From a practical point of view, we implement the methods in the statistical software R. Some tools are already implemented (e.g. MCD estimator) but we have to program some other routines (constrained robust regression, multivariate shrinkage). Depending on the amount of data to be analyzed, execution can be expensive in time, consequently we have to take care about efficiency of the routines mainly if we want to apply Monte Carlo simulations using resampling methods.
This paper could be considered as an application in portfolio optimization of the skrinkage estimators studied in Genton and Ronchetti (2008). They only treat the case of estimating beta in CAPM. That estimator have been generalized to multidimensional variables need in portfolio statistical analysis. Gramacy et al. (2008) use specific shrinkage estimators (LASSO and rigde regression) in finance to estimate covariances between many assets with histories of highly variable length (missing data) but they do not the deal with robustness. That work have been developed and extended in Gramacy and Pantaleo (2010), where they consider a Bayesian hierarchical formulation, considering heavy-tailed errors and accounting for estimation risk.
The introduction to robust techniques to portfolio optimization is relatively recent compared with the Markowitz foundational paper. Nevertheless the subject have become very active in the last decade. We can mention the works of Vaz-de Melo and Camara (2003), Perret-Gentil and Victoria-Feser (2004), and Welsch and Zhou (2007). All three papers compute the robust portfolio policies in two steps. First, they compute a robust estimate of the covariance matrix of asset returns. Second, they solve the minimum-variance problem where the covariance matrix is replaced by its robust estimate. Recently, Demiguel and Nogales (2009) proposed solving a single nonlinear program, where portfolio optimization and robust estimation are performed in one step. They performed a theoretical study for M-estimators and S-estimators, in addition to a simulation using a mixture of a normal and a deviation distribution. A very recent work of Demiguel et al. (2013) have also implemented a shrinkage strategy both using shrinkage estimators of the moments of asset returns (shrinkage moments), and using shrinkage portfolios obtained by shrinking the portfolio weights directly. We have to remark that in that paper, they use shrinkage by means of a convex combination from the sample estimator (low bias), towards the target estimator (low variance). They use two calibration criteria: the expected quadratic loss minimization criterion, and the Sharpe ratio maximization criterion. We distinguish our work by the fact that use explicitly use a M-estimator as the target of the shrinkage, which enables us to use a more specific shrinkage estimator (from Genton and Ronchetti (2008)) with the calibration parameter is related to Huber's function. In fact varying that parameter allow the shrinkage model to interpolate within the family of robust estimators, the OLS estimator being a limit case for a big value of the parameter (in fact the OLS is the limit for , see Section 4). This is an advantage of our shrinkage strategy compared to convex combination of estimators. Other characteristic of our work is that use use many measures of predictive errors aside the expected quadratic loss. This is specially because in our simulated study we are interested in long-tailed and asymmetric distributions. Other reference which uses skew-symmetric laws as in portfolio optimization is Hu and Kercheval (2010) but they do not involve with shrinkage strategies.
The paper is organized as follows, in Section 2 we explain some basic issues concerning the appearance of asymmetric and long-tailed errors and robust regression, then in Section 3 we derive the robust constrained regression model associated to portfolio allocation, in particular we have a closed formula for the shift of the estimator of the parameter vector of the linear model due to linear constraints, see. Eq. 14. In section 4, we present a shrinkage robust estimator and combine it with the constrained robust regression in a procedure for the application in portfolio optimization. Section 5 illustrates the results of the combined procedure using Monte Carlo simulation, first in an ideal standard linear model and then to simulated distributions from contaminated normal and asymmetric-long-tailed laws. Finally Section 7 presents some conclusions of our study.

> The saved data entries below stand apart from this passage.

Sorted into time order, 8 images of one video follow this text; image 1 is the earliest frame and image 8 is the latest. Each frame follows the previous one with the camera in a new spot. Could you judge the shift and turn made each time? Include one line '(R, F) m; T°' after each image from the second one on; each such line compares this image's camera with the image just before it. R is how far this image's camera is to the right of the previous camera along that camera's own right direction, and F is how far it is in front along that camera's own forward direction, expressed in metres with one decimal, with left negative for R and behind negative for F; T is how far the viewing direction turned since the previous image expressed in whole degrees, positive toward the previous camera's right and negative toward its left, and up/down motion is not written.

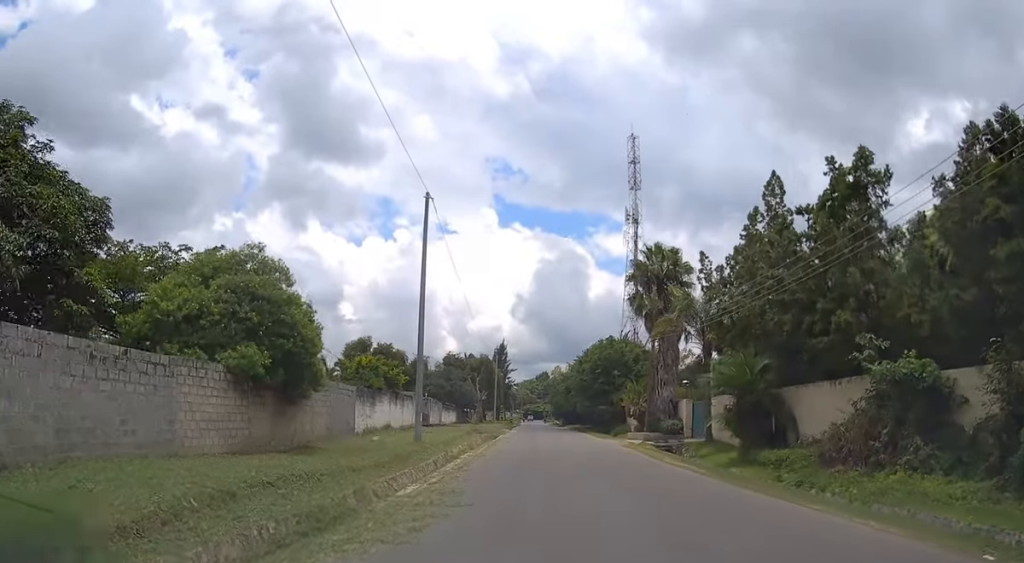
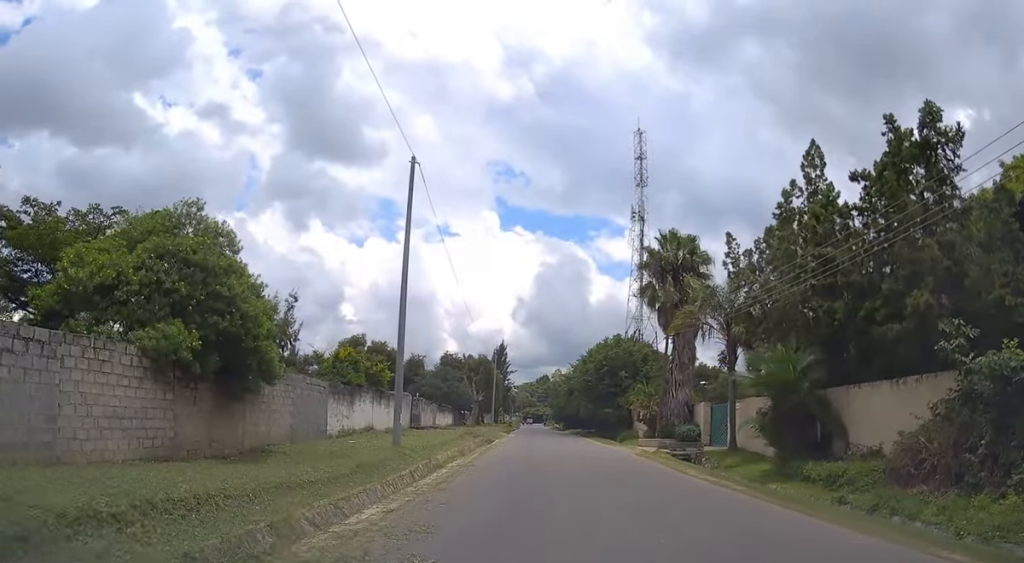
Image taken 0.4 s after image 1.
(0.0, +4.4) m; 0°
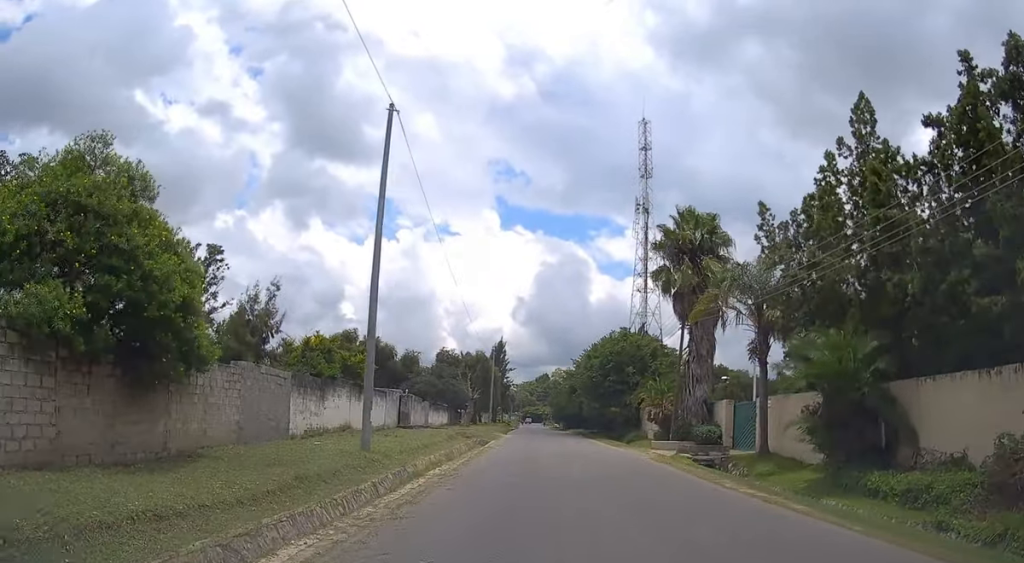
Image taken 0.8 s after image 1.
(0.0, +4.4) m; 0°
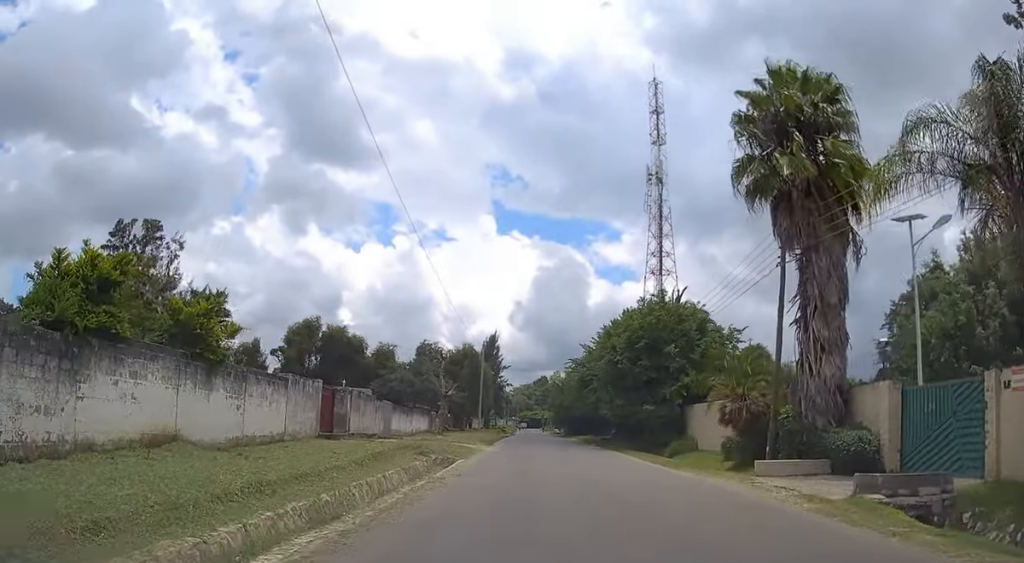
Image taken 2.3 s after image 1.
(0.0, +16.0) m; 0°
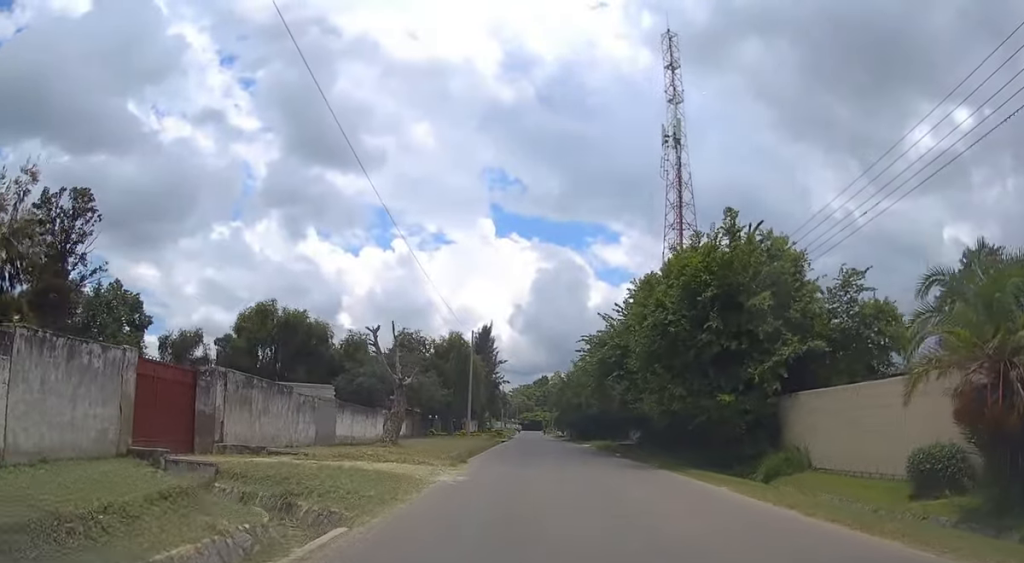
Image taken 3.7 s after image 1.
(0.0, +14.3) m; 0°
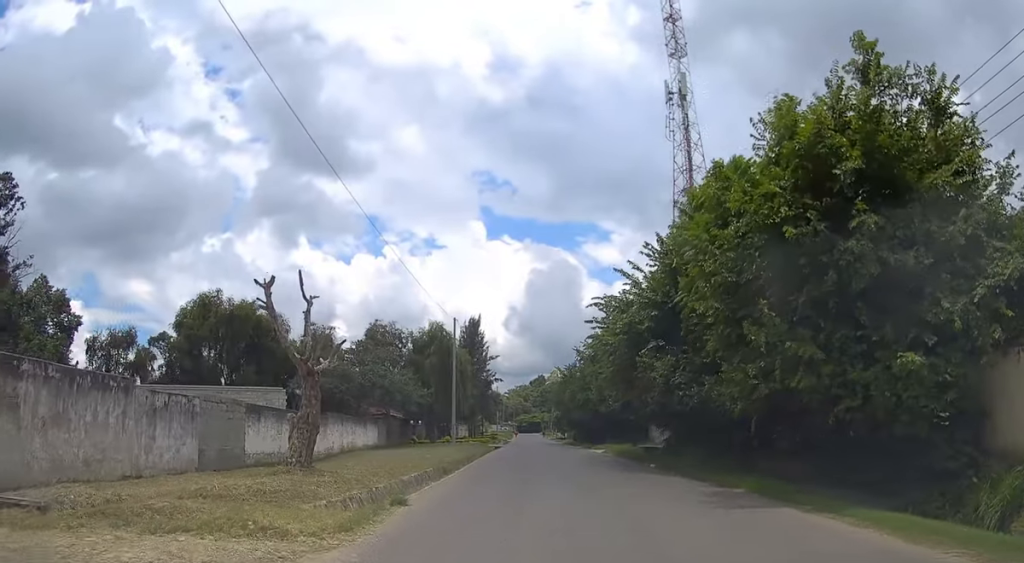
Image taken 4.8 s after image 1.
(0.0, +11.2) m; 0°
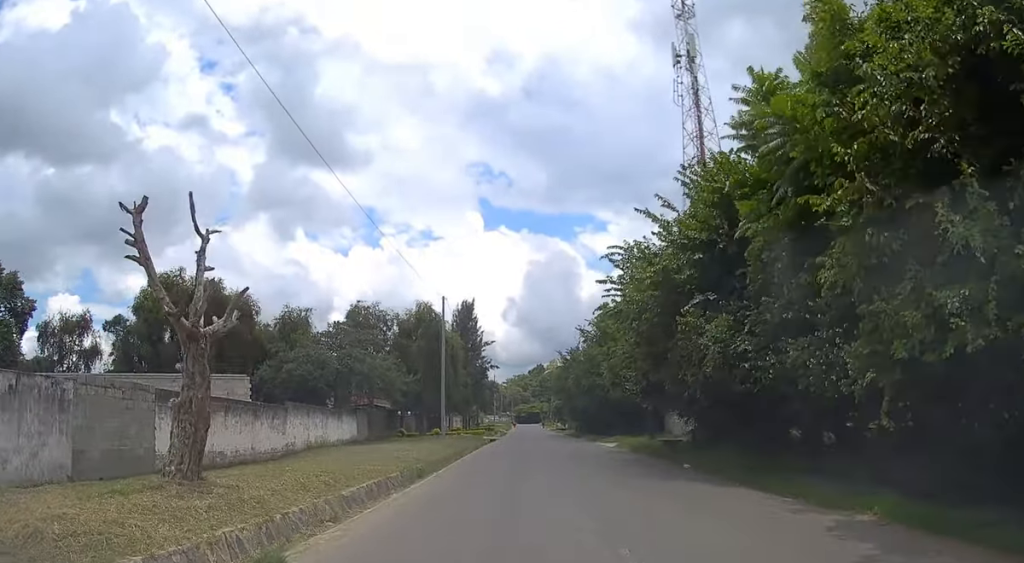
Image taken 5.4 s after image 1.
(0.0, +6.3) m; 0°
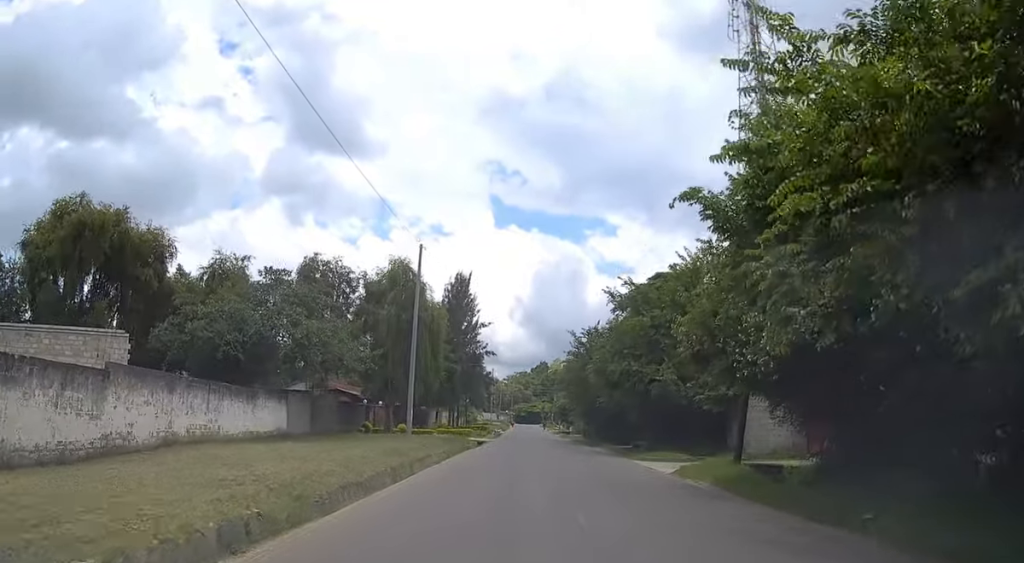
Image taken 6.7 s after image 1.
(-0.1, +14.3) m; 0°

2. Non-normal Errors and Robust Regression

Robust statistics is an extension of classical statistics in that it takes into account the possibility of contaminated data or more generally of model misspecification. This theory was firstly developed by Huber (1964) and Hampel (1968).
There are many ways to model errors with outlier. For instance we can consider a mixture of a normal distribution with a large-variance distribution . Let be a number representing the proportion of contamination and define the neighborhood of the parametric distribution to be the set:
(3)
can be considered as a mixed distribution between and the contamination distribution . An estimator is said robust if it remains stable in a neighborhood of . Often in theoretical studies is a multivariate normal distribution in dimension : .
In standard linear regression theory, least-squares estimator for the parameter is known to be non-robust. In section 3 we will use M-estimators to find robust estimates of parameters in portfolio allocation. In the context of the linear model (1), the general M-estimators minimize the objective function:
(4)
with respect to and the loss function gives the contribution of each residual to the objective function. is a scale parameter. Generalizing least-squares minimization, a reasonable should have the following properties:
For example, for least-squares estimation we have .
Let denote the derivative of . In this paper we will work with the Huber objective function and its derivative which is called Huber function and is defined by . The tuning constant controls the level of robustness. If then , which corresponds to least-squares estimation.
Differentiating the objective function (4) with respect to gives the following estimating equations:
(5)
Define the weight function , and denote . Then the estimating equation (5) can be written as:
Note that solving these estimating equations can be seen as a weighted least-squares minimization problem with objective function:
The weights , however, depend upon the residuals, the residuals depend upon the estimated coefficients, and the estimated coefficients depend upon the weights. An iterative solution is therefore required. More details about M-estimators can be found in references, for instance Hampel et al. (1986).
At the end of the procedure we obtain the weights which can be collected in a diagonal matrix and then we can calculate the M-estimator in matrix notation:

2.1. Resistant Regression (LTS)

There are other robust techniques of estimation in order to reduce the influence of outliers on the fit of a model. Following the schema of Genton and Ronchetti (2008), we will use the least trimmed squares (LTS) regression.
LTS was proposed by Rousseeuw (1985) as another robust alternative to OLS. Let us consider a linear regression model (1). The LTS estimator is defined as:
where represents the -th order statistics of squared residuals with .
The trimming constant has to satisfy . This constant determines the robustness level of the LTS estimator, since the definition implies that observations with the largest residuals do not have a direct influence on the estimator. The LTS robustness is the lowest for , which corresponds to the least-squares estimator.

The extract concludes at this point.